LRDC Accolades
Tessa Benson-Greenwald Receives Grant-In-Aid from SPSSI
January 17, 2023
LRDC Post-Doc Tessa Benson-Greenwald has received a Grant-In-Aid from the Society for the Psychological Study of Social Issues (SPSSI). Greenwald received this grant for her project "Valuing Perspectives and Promoting Inclusion: The Impact of valuing subjectivity in STEM contexts for underrepresented groups." The SPSSI Grant-In-Aid provides support of scientific research in social problem areas related to the basic interests and goals of SPSSI and particularly to those that are not likely to receive support from traditional sources.
Ming-Te Wang Named Highly Cited Researcher
November 21, 2022
LRDC Senior Scientist Ming-Te Wang was named a highly cited researcher in the field of Psychiatry and Psychology by Clarivate! Wang's research is in the top 1% of cited papers in Clarivate's database. Highly Cited Researchers have demonstrated significant and broad influence reflected in their publication of multiple highly cited papers over the last decade. These highly cited papers rank in the top 1% by citations for a field or fields and publication year in the Web of Science™. Of the world's population of scientists and social scientists, Highly Cited Researchers™ are 1 in 1,000.

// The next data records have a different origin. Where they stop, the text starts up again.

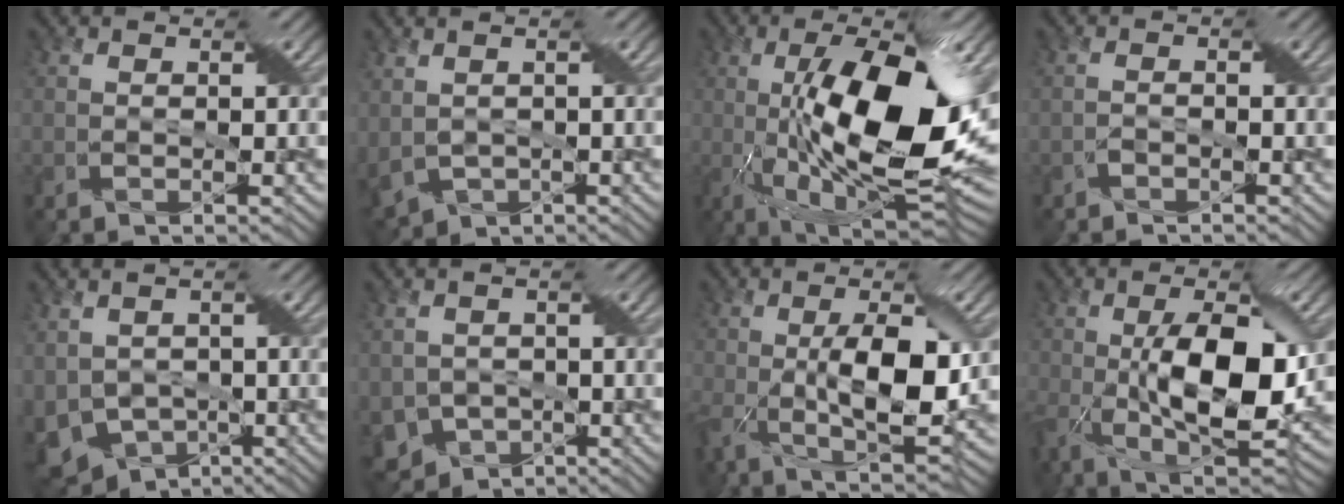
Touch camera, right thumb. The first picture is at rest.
{"total": 5.2, "force": [-1.0, 3.4, 3.8], "torque": [-0.114, -0.014, -0.014]}
{"total": 18.9, "force": [0.0, 7.7, 17.3], "torque": [-0.272, 0.002, -0.003]}
{"total": 1.0, "force": [-0.8, 0.2, 0.5], "torque": [-0.011, 0.006, -0.017]}
{"total": 7.5, "force": [-2.2, 5.4, 4.7], "torque": [-0.121, -0.021, -0.042]}
{"total": 5.5, "force": [-2.3, 4.3, 2.5], "torque": [-0.067, -0.018, -0.041]}
{"total": 10.3, "force": [-0.3, 4.3, 9.3], "torque": [-0.180, -0.016, 0.003]}
{"total": 13.2, "force": [-0.6, 6.1, 11.7], "torque": [-0.212, -0.016, -0.002]}

Diane Litman and Colleagues Win Best Paper Award
October 24, 2022
Kudos to LRDC Senior Scientist Diane Litman and co-authors Zhexiong Liu, Meiqi Guo, and Yue Dai who received Best Paper Award for "ImageArg: A Multi-modal Tweet Dataset for Image Persuasiveness Mining," at the 9th Workshop on Argument Mining, COLING, South Korea 2022. Argument mining provides methods that can find and visualize the main pro and con arguments in written text and dialogue and that enable argument search on the web for a topic of interest. In educational contexts, argument mining can be applied to written and diagrammed arguments for instructing and assessing students' critical thinking.

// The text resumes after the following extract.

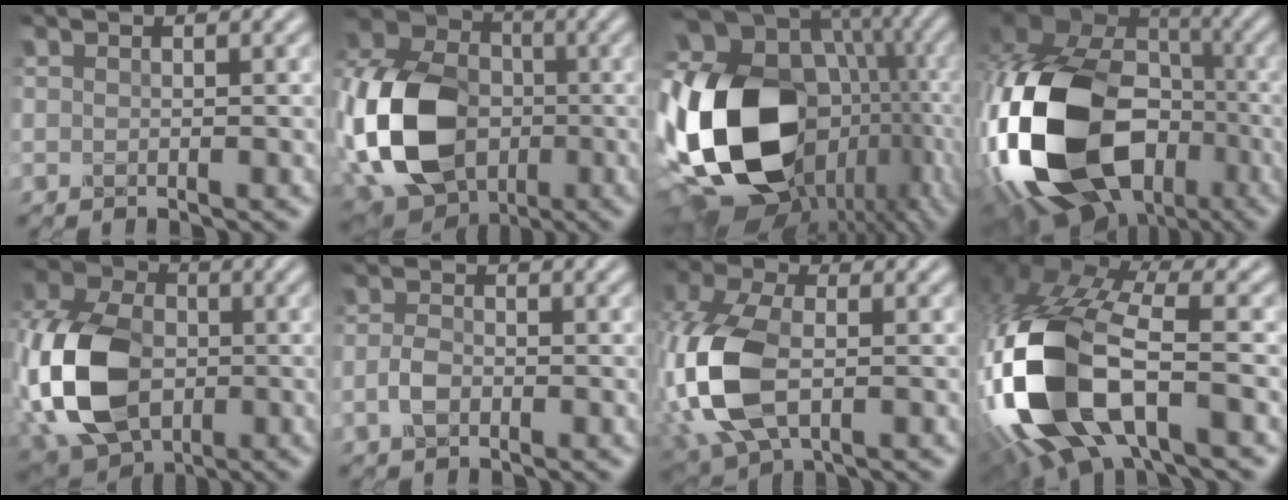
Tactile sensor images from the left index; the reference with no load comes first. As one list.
[{"total": 17.4, "force": [-3.8, 12.6, 11.3], "torque": [-0.270, -0.020, -0.068]}, {"total": 21.5, "force": [-3.3, 15.9, 14.0], "torque": [-0.292, -0.037, -0.027]}, {"total": 19.7, "force": [-6.2, 13.5, 12.9], "torque": [-0.282, -0.022, -0.108]}, {"total": 14.9, "force": [-2.7, 10.4, 10.4], "torque": [-0.259, -0.008, -0.070]}, {"total": 2.0, "force": [-0.8, 1.2, 1.4], "torque": [-0.032, 0.000, -0.021]}, {"total": 11.3, "force": [-1.8, 6.8, 8.8], "torque": [-0.233, -0.010, -0.040]}, {"total": 14.6, "force": [-3.9, 7.2, 12.1], "torque": [-0.281, -0.003, -0.078]}]

Chandralekha Singh Receives American Physical Society Dwight Nicholson Medal
October 24, 2022
LRDC center associate Chandralekha Singh received the 2022 Dwight Nicholson Medal for Outreach from the American Physical Society. This award recognizes the humanitarian aspect of physics created through public lectures and public media, teaching, research, or science related activities. The medal's citation heralded Singh "for work in broadening access to physics through research into removing barriers to success in the field faced by marginalized groups and how to overcome them, and addressing those challenges directly through meaningful, research-based action." Along with being an LRDC Center Associate, Singh is the Director of the Discipline-Based Science Education Research Center (dB-SERC) and a professor in the Department of Physics and Astronomy. Read more about the award in Pittwire
Just Discipline Project Expands to More Schools
October 12, 2022
The Just Discipline Project, which aims to address disparities in suspension rates for Black and brown students in the region, expanded to include 12 more Pennsylvania schools in fall 2022 and will include another 8 this year. This expansion was supported by a $4 million grant from the U.S. Department of Education, $3 million from the Institute for Educational Science, and locally by The Heinz Endowments and The Pittsburgh Study at Children's Hospital.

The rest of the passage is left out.